START ENTRIES SHOWN

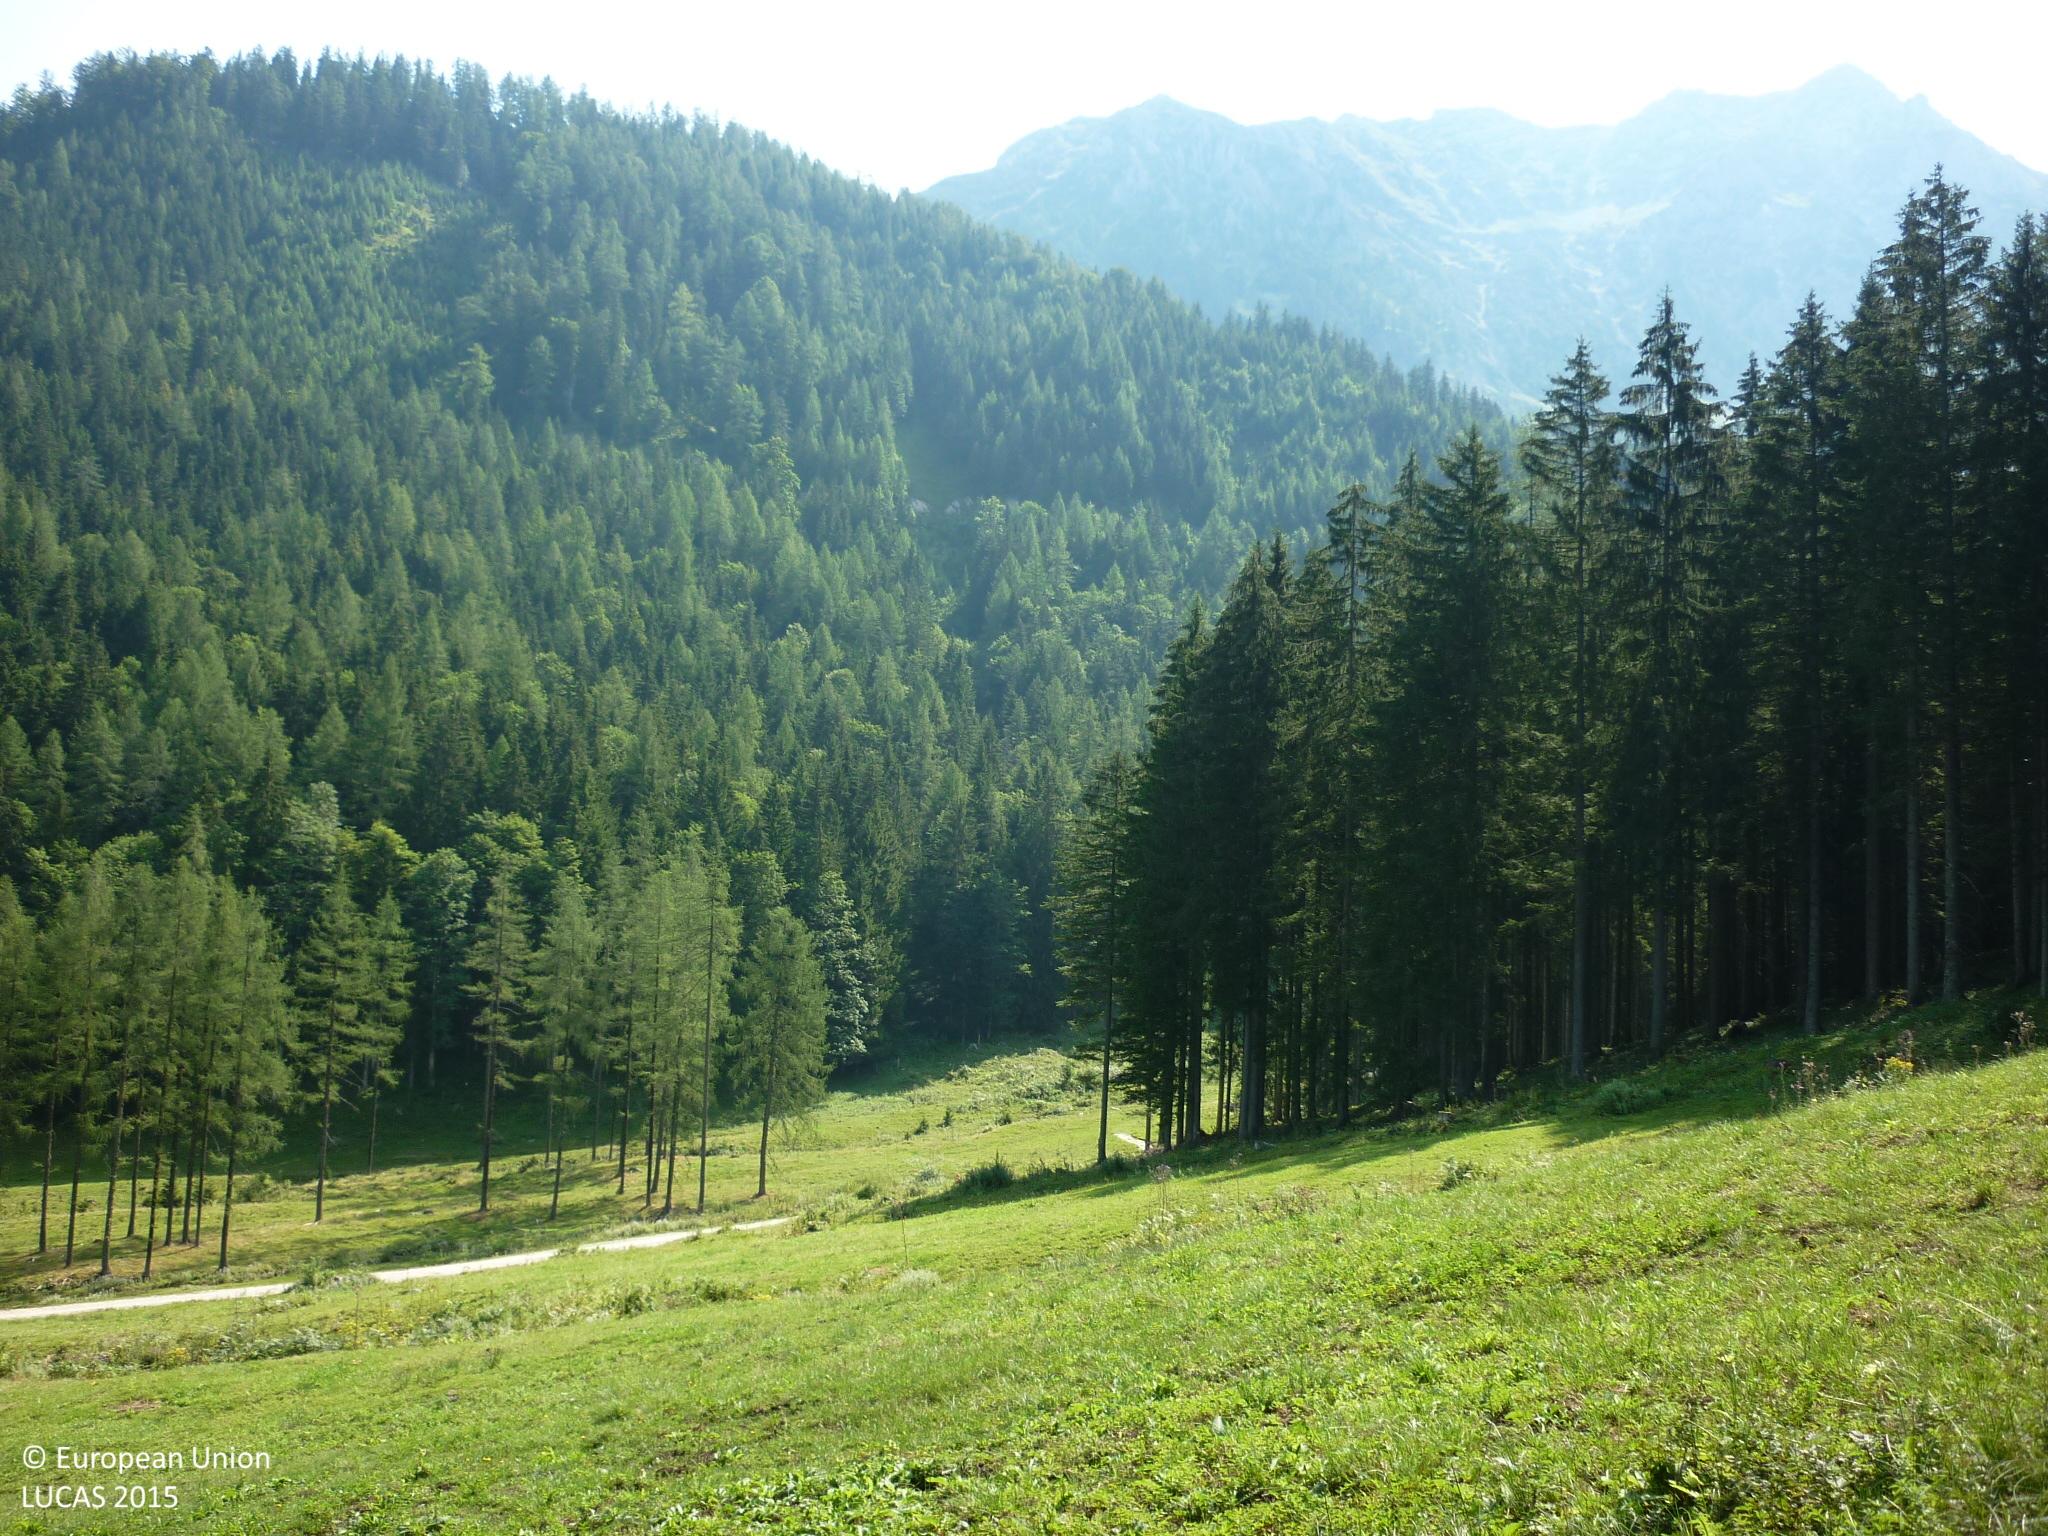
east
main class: Grassland
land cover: Grassland without tree/shrub cover
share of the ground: > 75 %
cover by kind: herbaceous plants 100 %
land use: Agriculture (excluding fallow land and kitchen gardens)
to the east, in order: Grassland without tree/shrub cover; Tracks; Grassland with sparse tree/shrub cover; Rivers and streams; Grassland without tree/shrub cover; Rivers and streams; Grassland with sparse tree/shrub cover; Fences; Spruce dominated coniferous woodland
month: August
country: AT
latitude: 47.6679
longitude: 14.3808
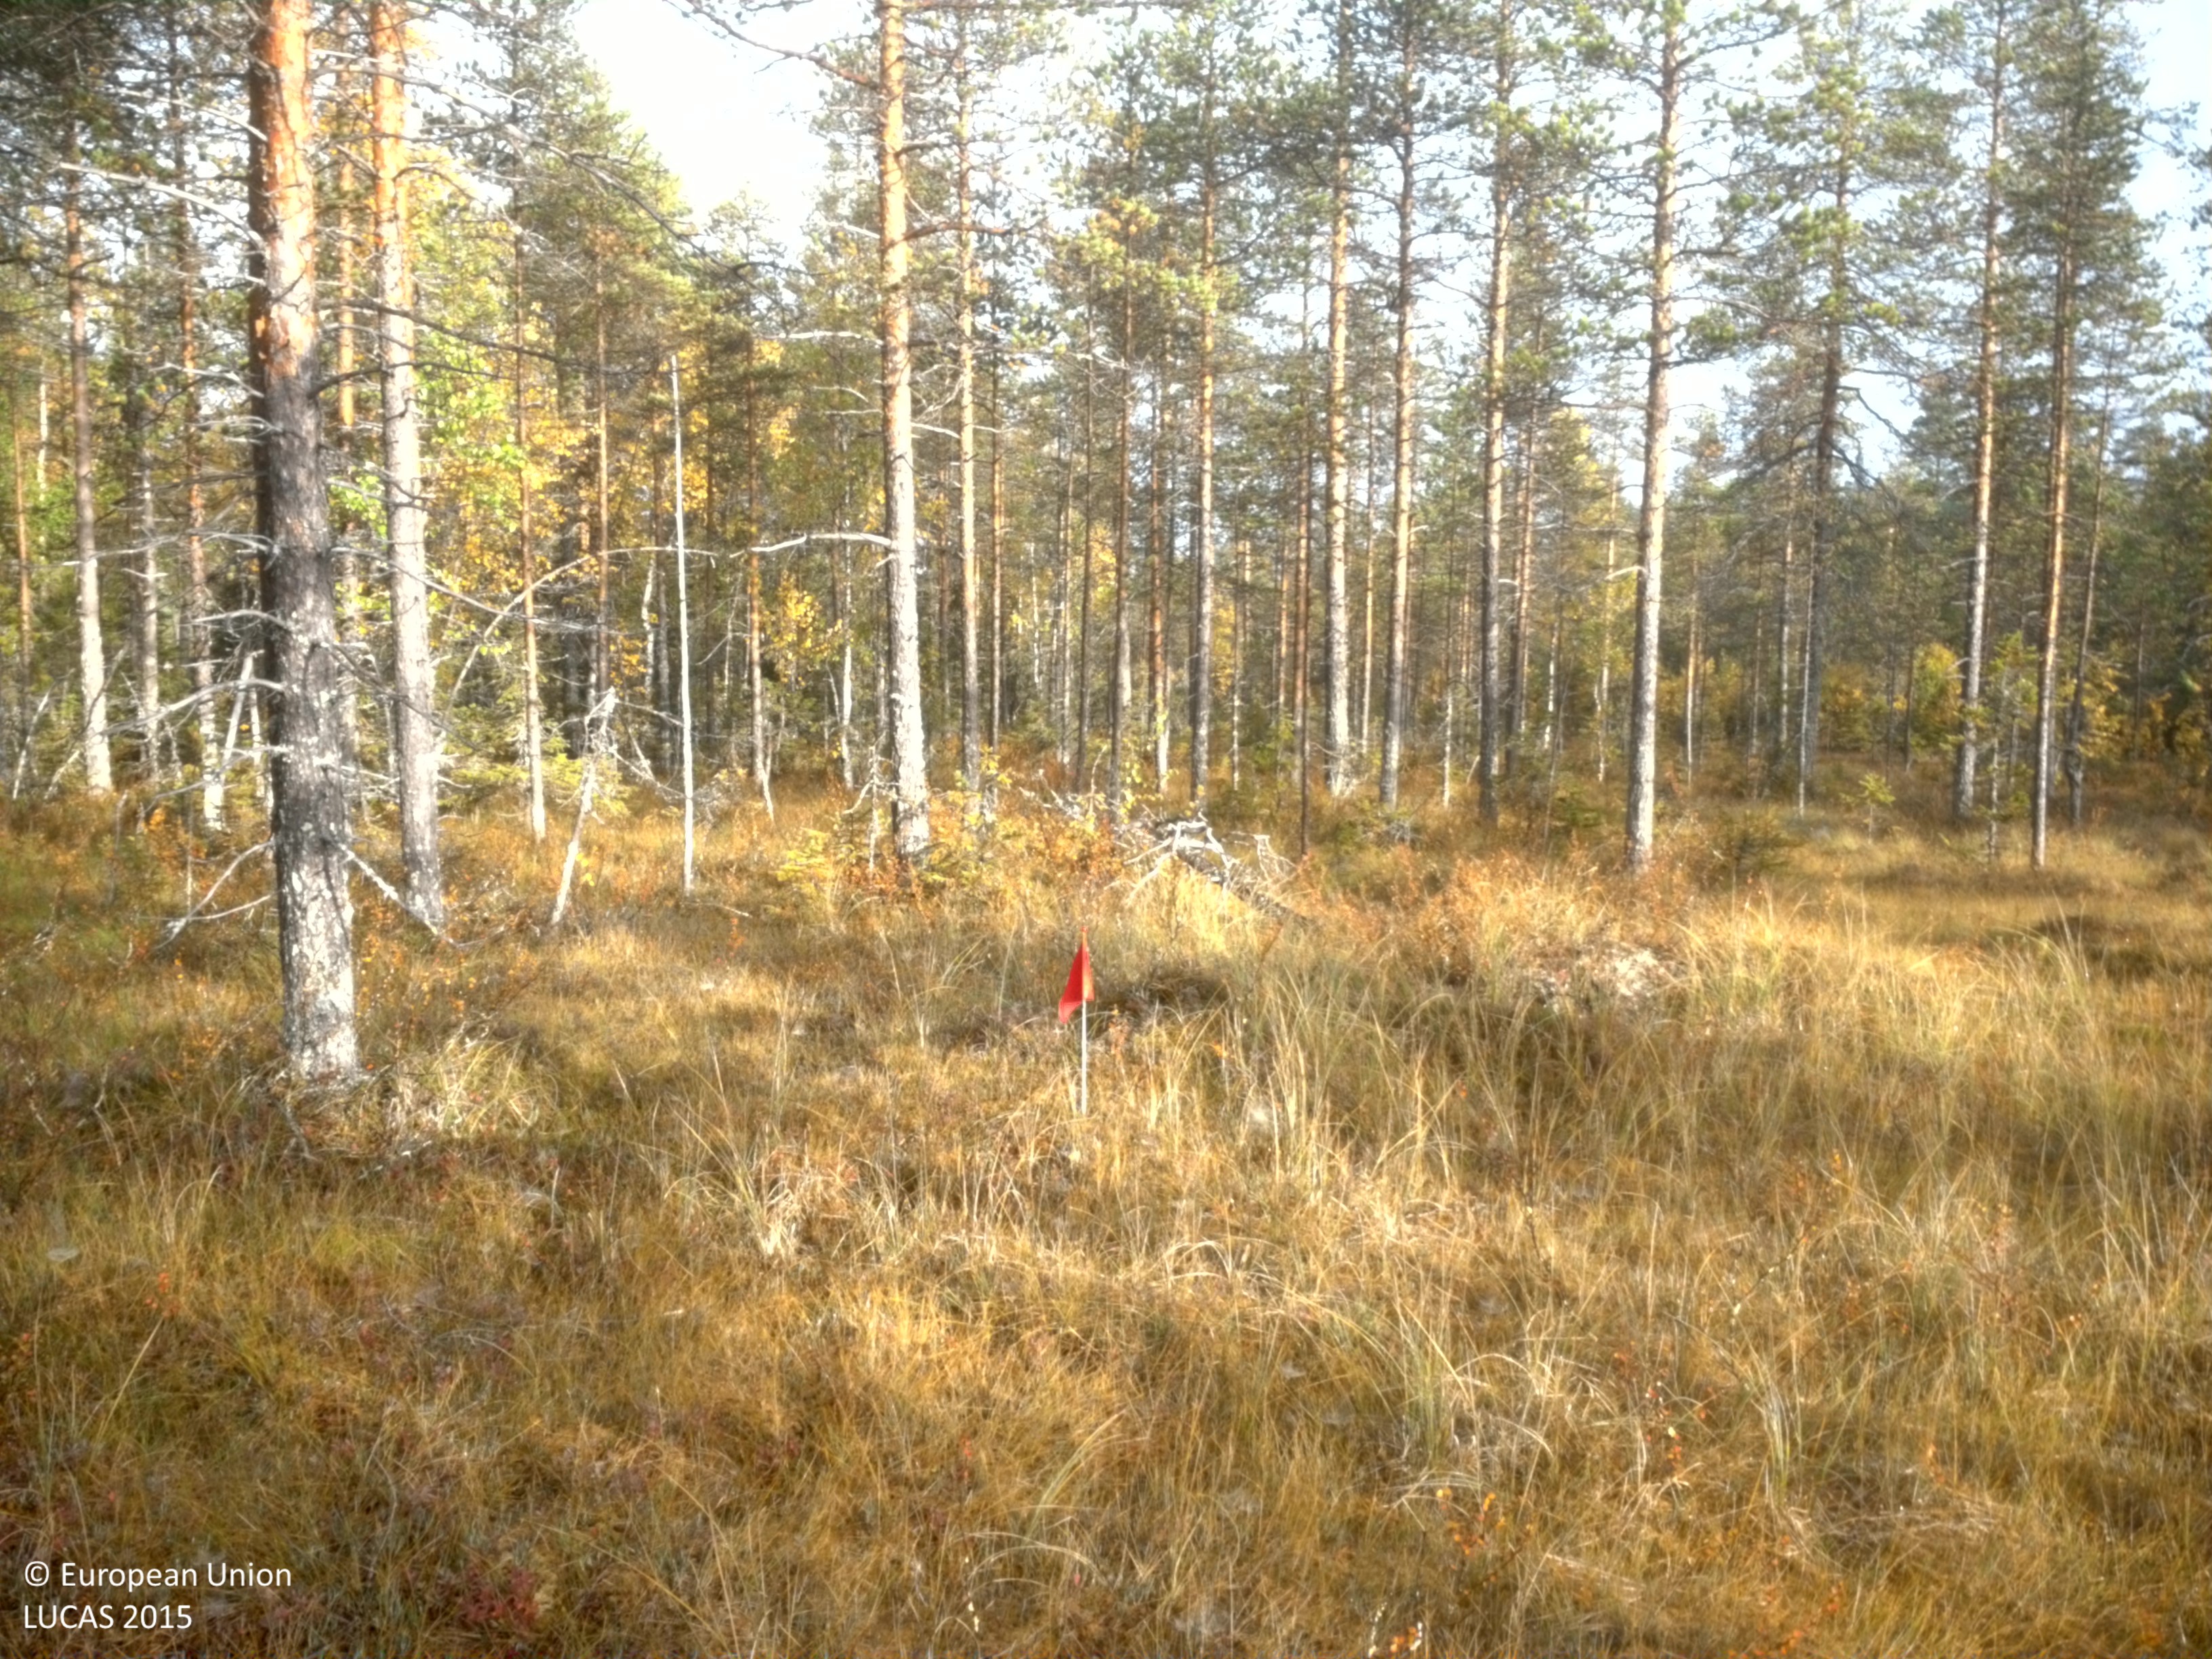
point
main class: Woodland
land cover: Pine dominated coniferous woodland
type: boreal forest
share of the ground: 25 - 50 %
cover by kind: lichens and mosses 40 %, coniferous forest trees 25 %, shrubs 20 %, herbaceous plants 10 %, broadleaved forest trees 5 %
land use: Amenities, museums, leisure
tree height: > 5 m
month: September
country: SE
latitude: 64.3768
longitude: 20.2356

END ENTRIES SHOWN

## TASK ITEM
Going through the records above, count the lines that include the word "cover". Give the number alone.

## RESPONSE
5